Your reporting goes stale. Your bid optimizer skips cycles. Your dashboards lag the actual events by hours instead of minutes. Your client calls the next morning asking why their flagship ASIN got hammered and you don't have answers yet because the data is still settling.

The pattern is identical to the streaming problem. Coordinated load, not random load. Same shape. Different domain.

What people get wrong about preparing for scale

The wrong mental model is "provision more capacity." More servers, more workers, bigger instances. This works for the first kind of scale problem. It doesn't work for this one.

The right mental model is "partition your system so peak doesn't break it." That means specific patterns:

Cache aggressively. Anything you can serve from cache during the peak window, you serve from cache. Stale-but-available beats fresh-but-timing-out, especially during a 48-hour event.

Queue everything you can defer. Not every API call needs to happen at the millisecond it was triggered. Bid changes, report exports, listing updates: route them through a queue and process at sustainable rates.

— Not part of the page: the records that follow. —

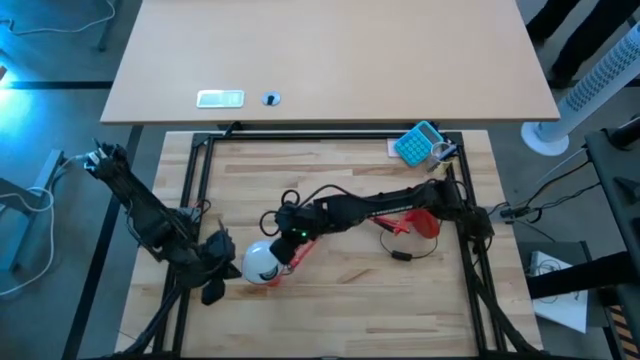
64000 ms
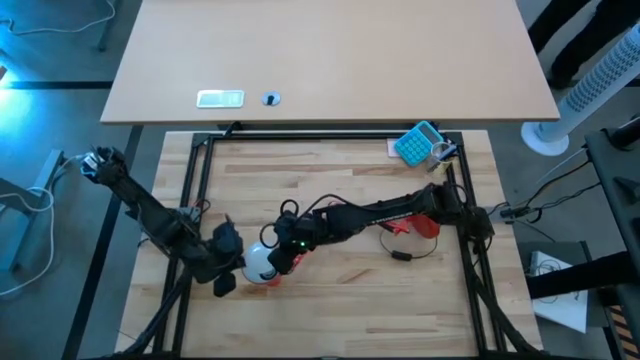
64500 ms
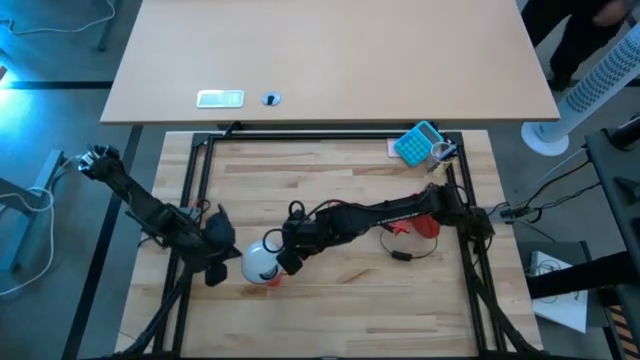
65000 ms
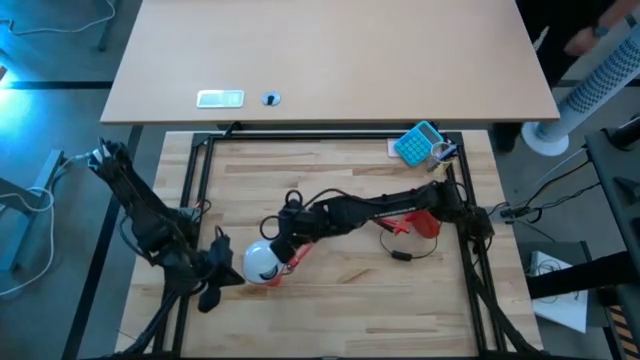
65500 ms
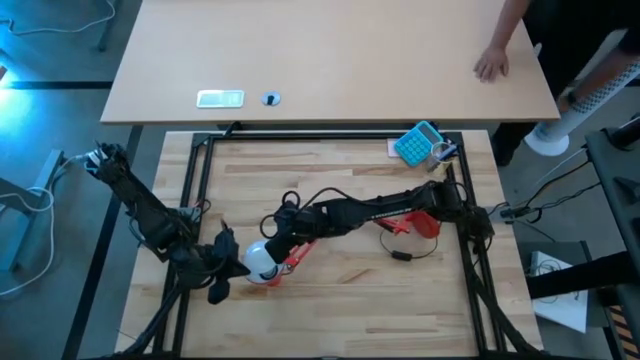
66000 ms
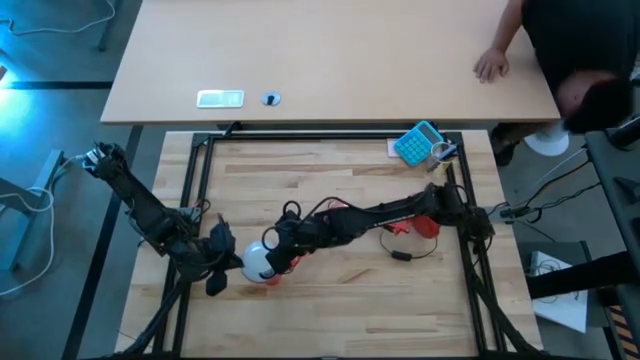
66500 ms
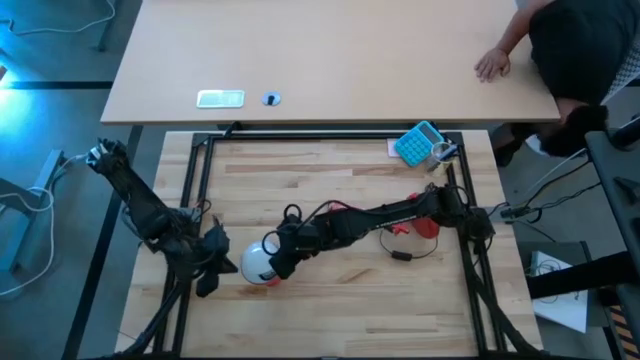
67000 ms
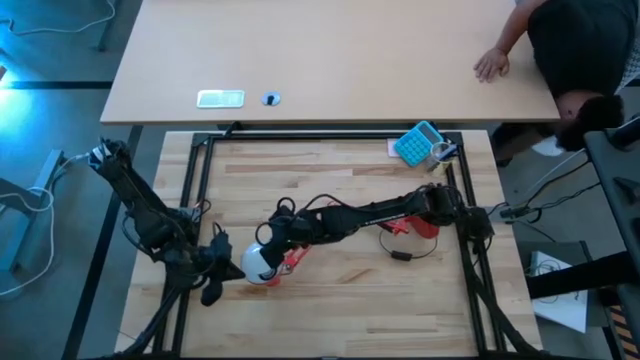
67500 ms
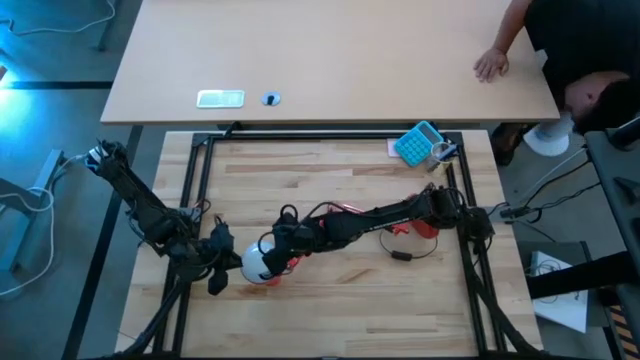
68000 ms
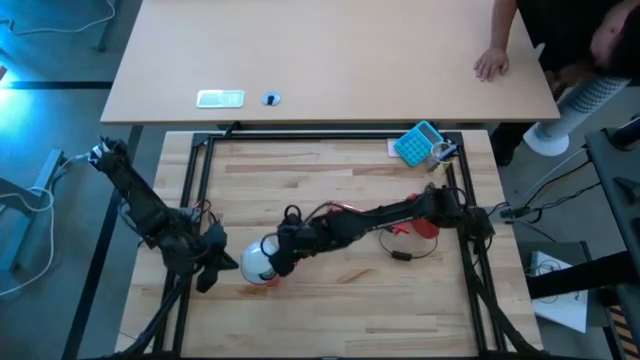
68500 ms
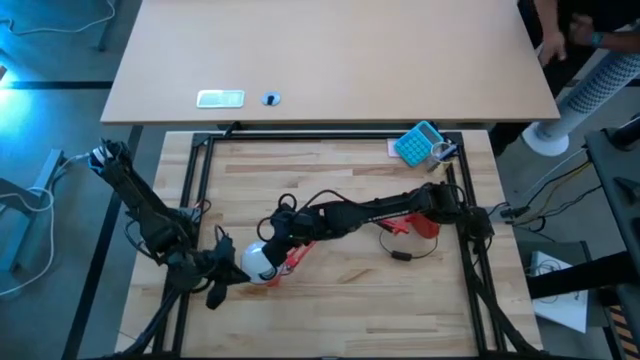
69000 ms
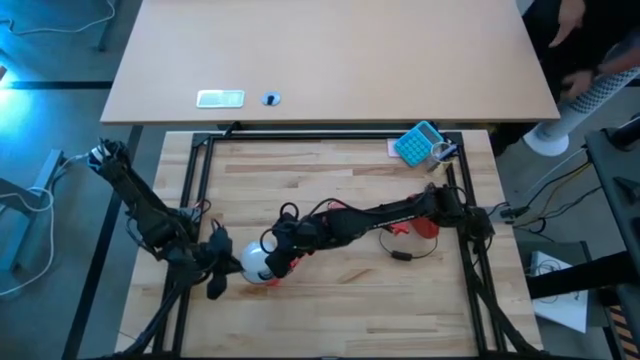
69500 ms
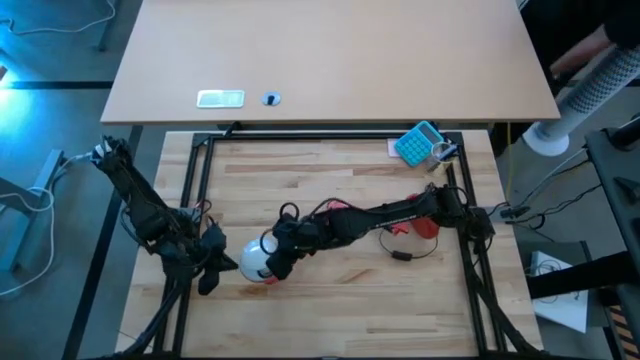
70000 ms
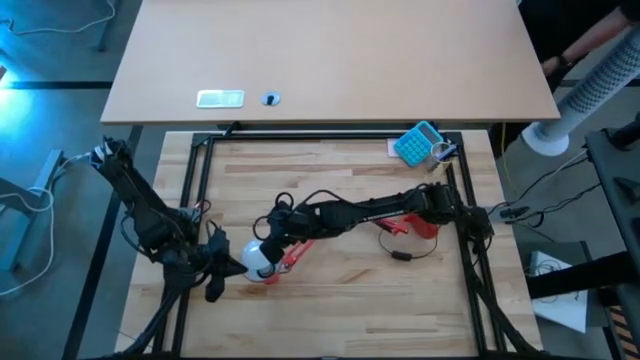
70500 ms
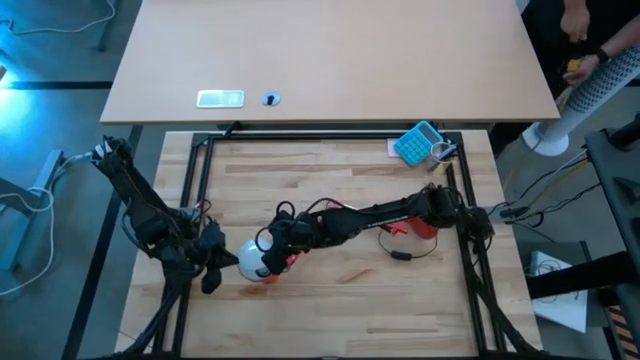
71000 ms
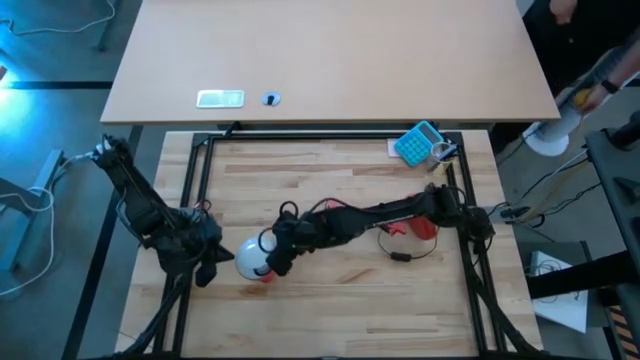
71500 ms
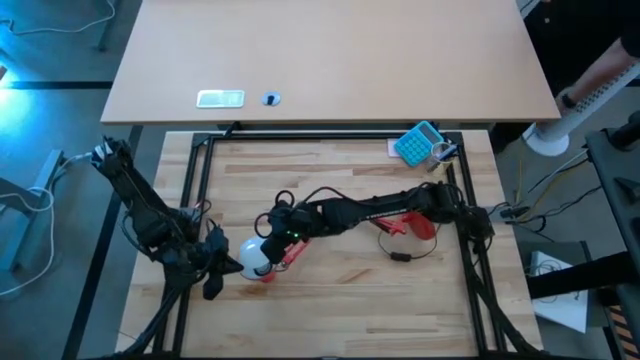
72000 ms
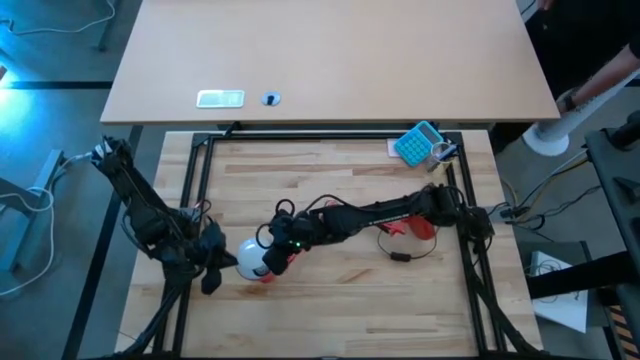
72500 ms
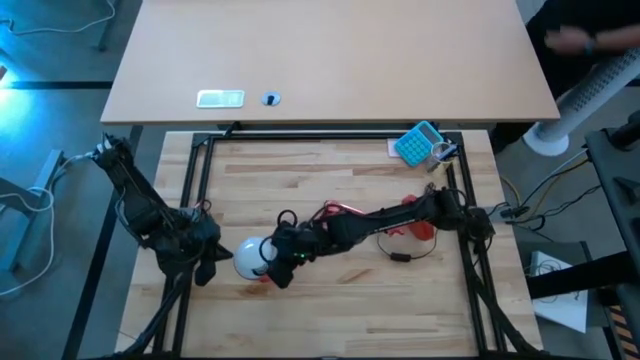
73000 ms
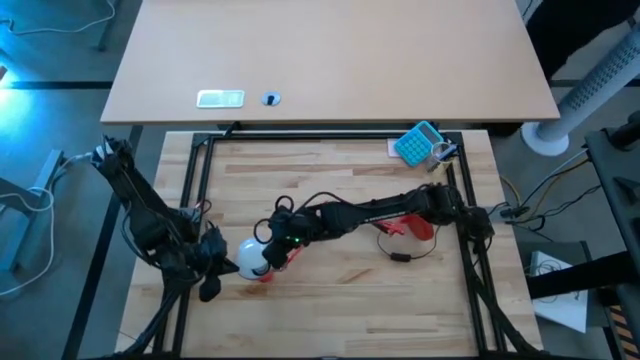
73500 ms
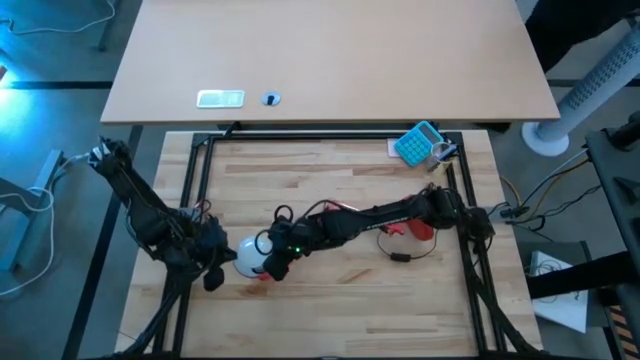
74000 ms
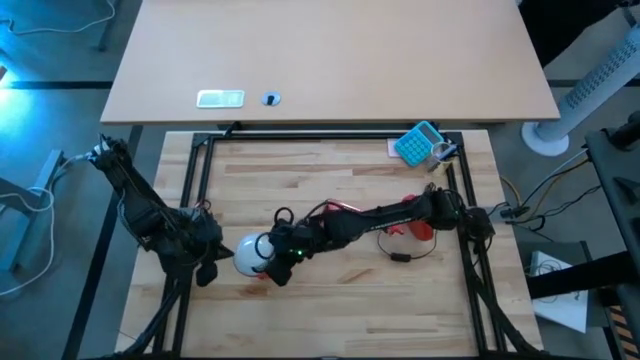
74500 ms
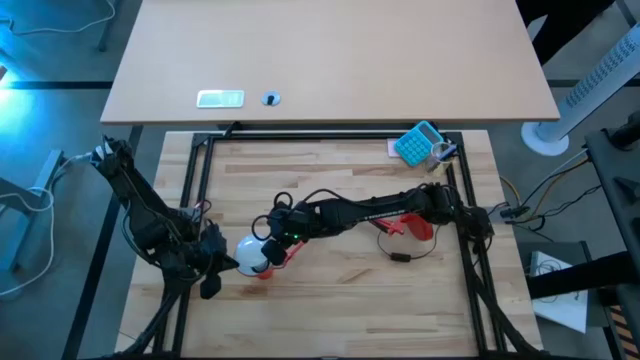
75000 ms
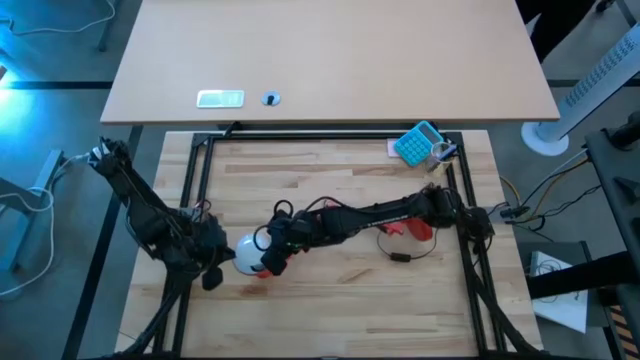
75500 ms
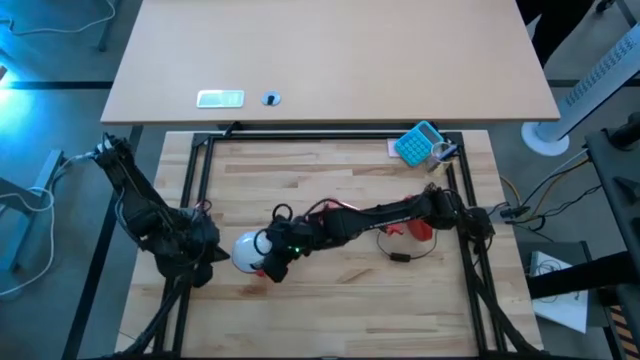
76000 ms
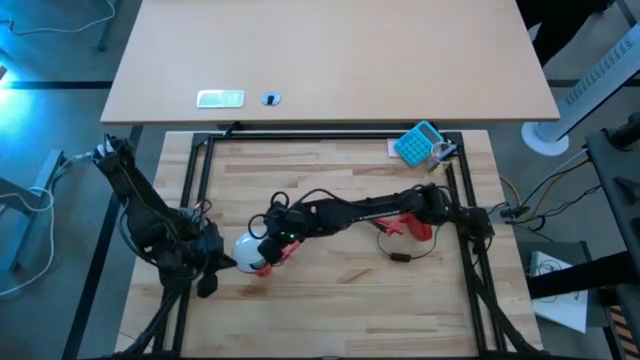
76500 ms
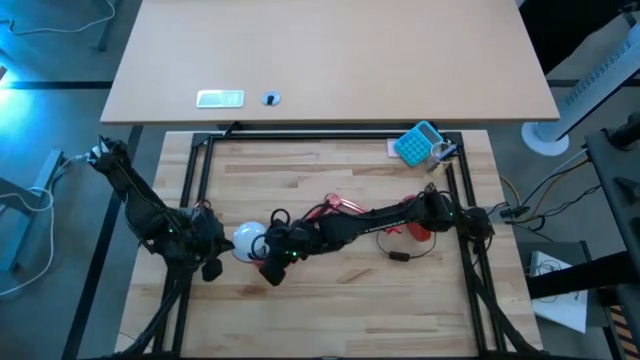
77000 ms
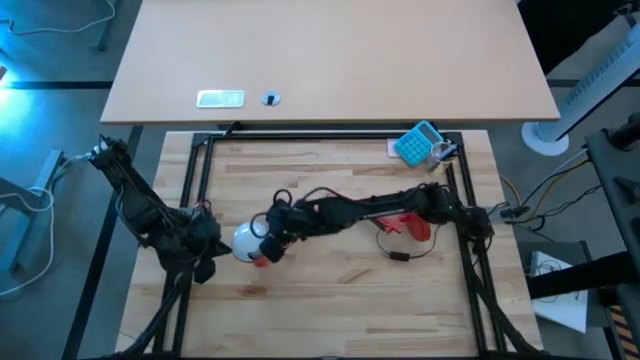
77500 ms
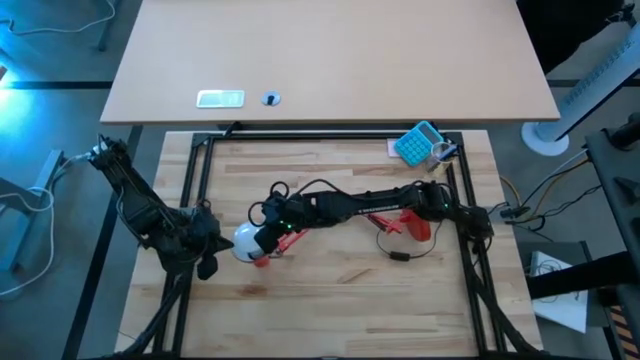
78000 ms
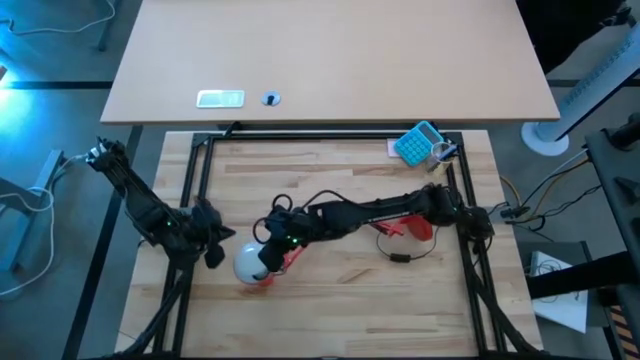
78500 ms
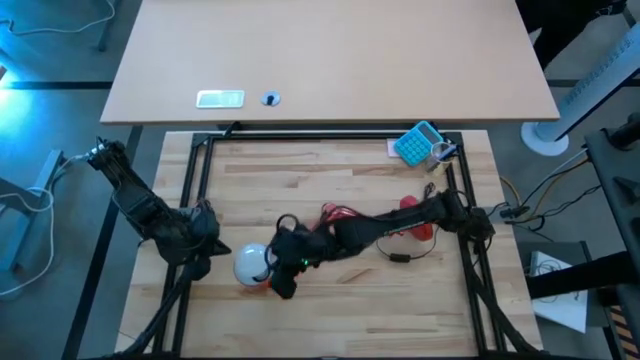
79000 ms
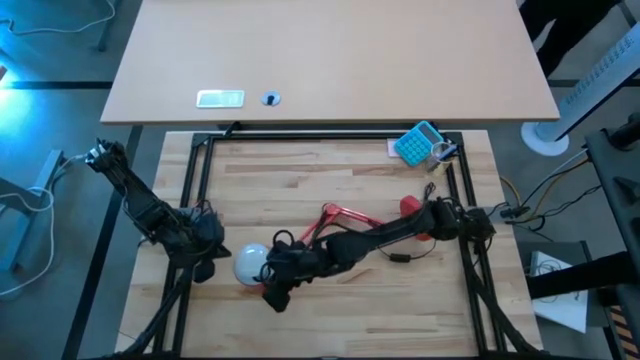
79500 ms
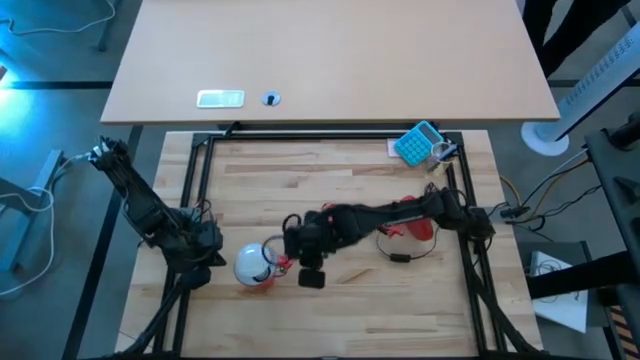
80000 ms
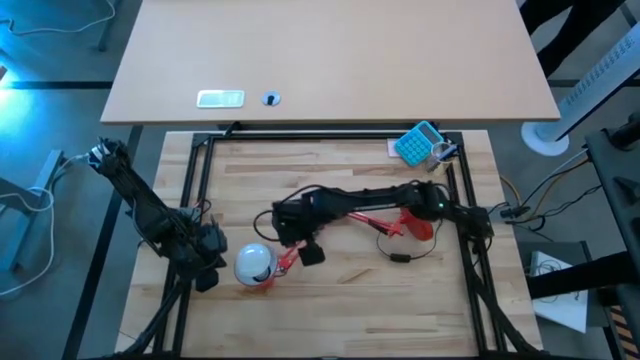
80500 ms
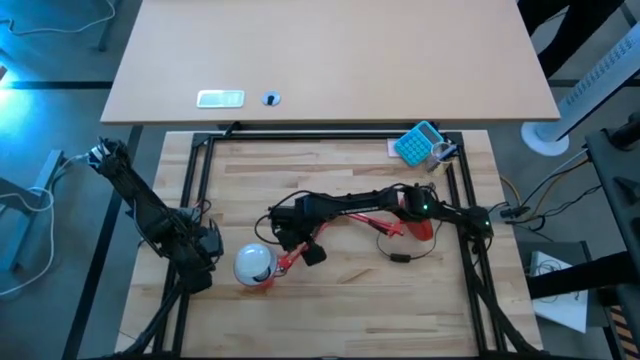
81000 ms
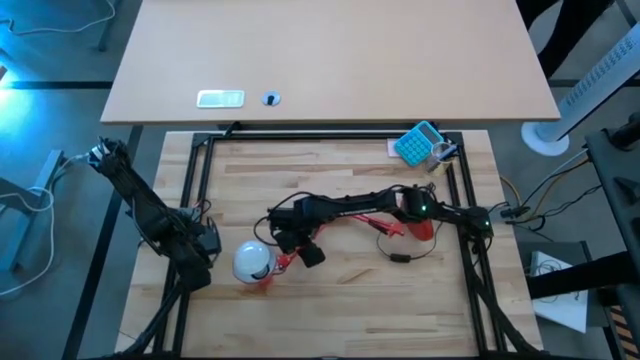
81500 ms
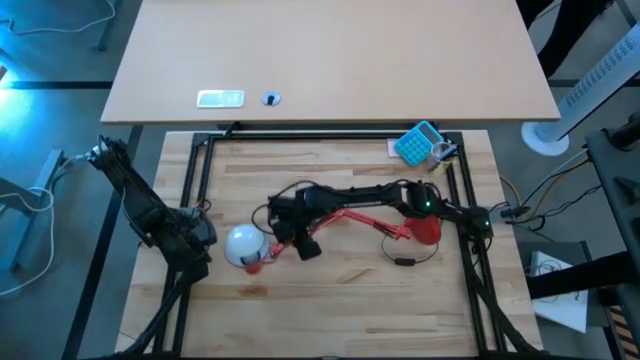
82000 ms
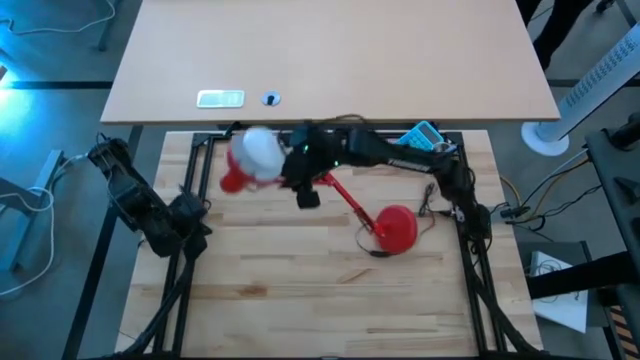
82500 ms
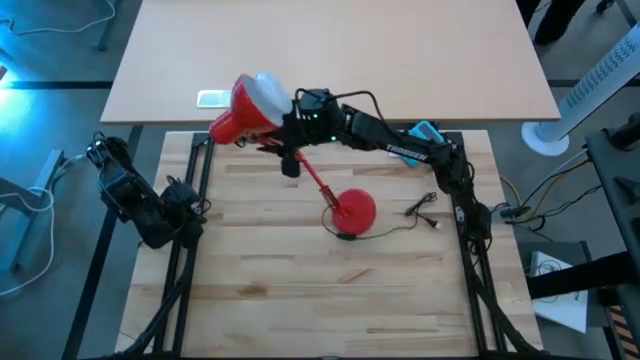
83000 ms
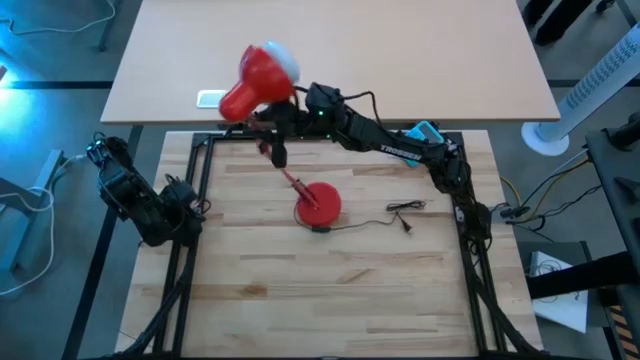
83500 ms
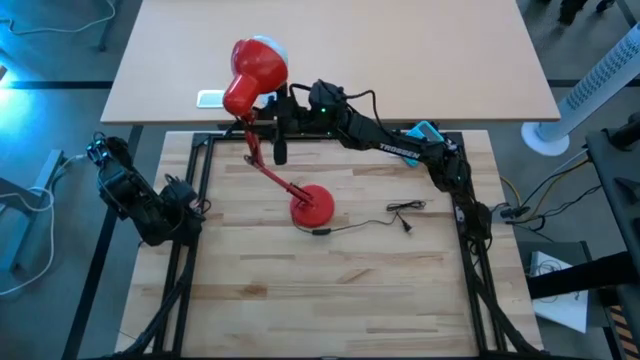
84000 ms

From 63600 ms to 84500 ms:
Task: Screw lightbulb
Insert the lightbulb into the orange desk lamp

Graceful degradation by default. When the upstream is slow, your system should keep working with reduced capability rather than failing completely. Read-only fallbacks. Last-known-good data. Explicit "data is delayed" badges on the UI instead of silent staleness.

Idempotency on every write. When throttling hits and retries fire, idempotency keeps you from double-spending, double-counting, or double-listing.

Pre-rendered, not live-calculated. Anything you can compute ahead of the peak and store, you compute ahead.

The brutal lesson from streaming: you cannot buy your way out of a coordination problem with more servers. Netflix has effectively infinite money and the best infrastructure team in the industry. They still buffered the Tyson fight. Because the problem wasn't capacity. The problem was coordination at a millisecond grain, and they hadn't built for it.

The principle for Amazon operators

If you're running an Amazon business and you don't have a Prime Day fallback plan, you're not running it. You're hoping.

The plan doesn't have to be perfect. It has to exist. Five concrete items:

  1. Know which API endpoints your business depends on. List them. Note their normal-day latency. You can't plan around what you haven't named.
  2. Pre-export the reports you'll need before peak. Don't try to pull a 30-day Sponsored Ads report during the event window. Pull it the day before.
  3. Decide what your tools do when data is stale. Read-only mode? Reduced cadence? Explicit warnings? Default behavior should not be "show numbers from 6 hours ago without saying so."
  4. Cache aggressively on your side. Anything the SP-API serves you, cache it for the duration. Refresh on a schedule, not on demand.
  5. Run a Prime Day fire drill in May. Simulate degraded SP-API responses against your production stack. Find the failure modes before Amazon finds them for you.

The operators who survive Prime Day every year have one thing in common. They've already lived through one breaking. They know which assumption fell over last time, and they built around it. The ones who haven't lived through one are about to learn.